Navigating the ROS2_CANopen Maze: Debugging Low-Level Robot Control
Embarking on this task, I delved into the ros2_canopen documentation. Candidly, it wasn’t the most user-friendly read. Consequently, I found myself occasionally spelunking through the source code to grasp its concepts, overall structure, and various parameter configurations.
Next, I created a package called single_epos4_canopen — a modest creation aimed at controlling a solitary Epos4 motor using ros2_canopen. My inspiration? Well, this lightweight package sidesteps high-level features like ros2_control and robot description. Instead, it zeroes in on the nitty-gritty: CAN communication debugging.
With single_epos4_canopen in action, I managed to make wheel rotate by calling ros2 service call /single_motor/target canopen_interfaces/srv/COTargetDouble “{ target: 10.0 }” service (thanks to our default “velocity mode”). Ahoy, success! This, at least, confirms that our CAN network is fine.

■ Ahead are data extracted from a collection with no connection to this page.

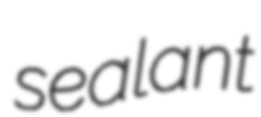
sealant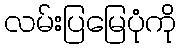
လမ်းပြမြေပုံကို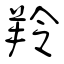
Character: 羚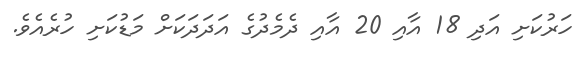
ހަރުކަށި އަދި 18 އާއި 20 އާއި ދެމެދުގެ އަދަދަކަށް މަޑުކަށި ހުރެއެވެ.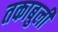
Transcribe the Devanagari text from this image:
तकाबुली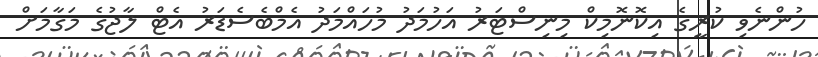
ހުންނެވި ކުރީގެ އިކޮނޮމިކް މިނިސްޓަރު އަހުމަދު މުހައްމަދު އެމްބެސެޑަރު އެޓް ލާޖުގެ މަގާމަށް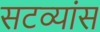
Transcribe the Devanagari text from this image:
सटव्यांस

And when it’s time to halt the motion, ros2 service call /single_motor/halt std_srvs/srv/Trigger does the trick. Similarly I can call nmt_state_reset service to restart the NMT of the node whose Heartbeat is configured to be sent every 1000ms.
CanOpen frames analysis
Thanks to the single_epos4_canopen package, I can monitor and analyze the CanOpen frames by calling
1 | candump can0 |
(sorry I was not allowed to share the images).

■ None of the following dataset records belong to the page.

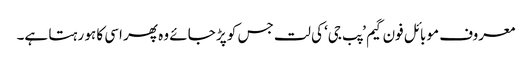
معروف موبائل فون گیم ’پب جی‘ کی لت جس کو پڑ جائے وہ پھر اسی کا ہو رہتا ہے۔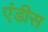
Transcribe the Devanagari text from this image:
एंडीस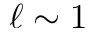
\ell \sim 1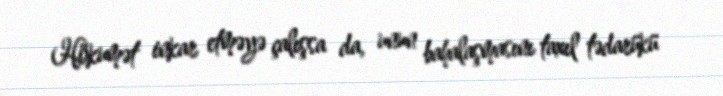
Hökumət inkar etməyə çalışsa da, unun bahalaşmasını taxıl tədarükü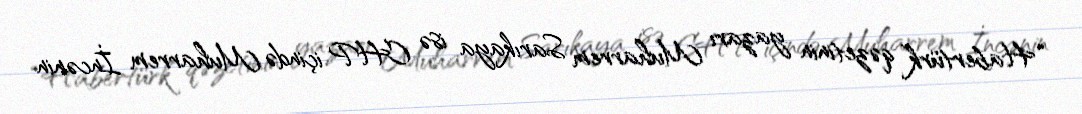
“Habertürk” qəzetinin yazarı Muharrem Sarıkaya isə CHP içində Muharrem İncənin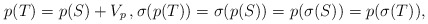
\begin{align*}p(T)=p(S)+V_{p}\, ,\sigma(p(T))=\sigma(p(S))=p(\sigma(S))=p(\sigma(T)),\end{align*}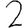
Digit: 2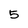
Character: 5

By conducting tests on respectively each CanOpen node and checking carefully the CanOpen frames, I found that issues come from the OD definitions. Updating the wrong OD entries via Epos Studio finally fixed those issues.

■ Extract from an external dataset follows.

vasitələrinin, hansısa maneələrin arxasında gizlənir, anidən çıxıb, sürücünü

Use ros2_control with ros2_canopen
By following this example, I created the package for controlling both motors with help of diff_drive_controller in ros2_control. After having been struggling with the configurations and tests for multiple days, and by making some workaround to fix errors in some function for handling init, finally I can control the robot with joystick:
Simulation
Afterward, I spent 2 more days to update the robot description file, added some gazebo control and sensor plugins and make the simulated bot tele-operable in Gazebo simulator via “teleop_twist_keyboard”:
Future work
For some reason, this project has been paused, though I would like to continue to achieve autonomous navigation and fleet control on this robot. Probably there will be no more updates about future developments :(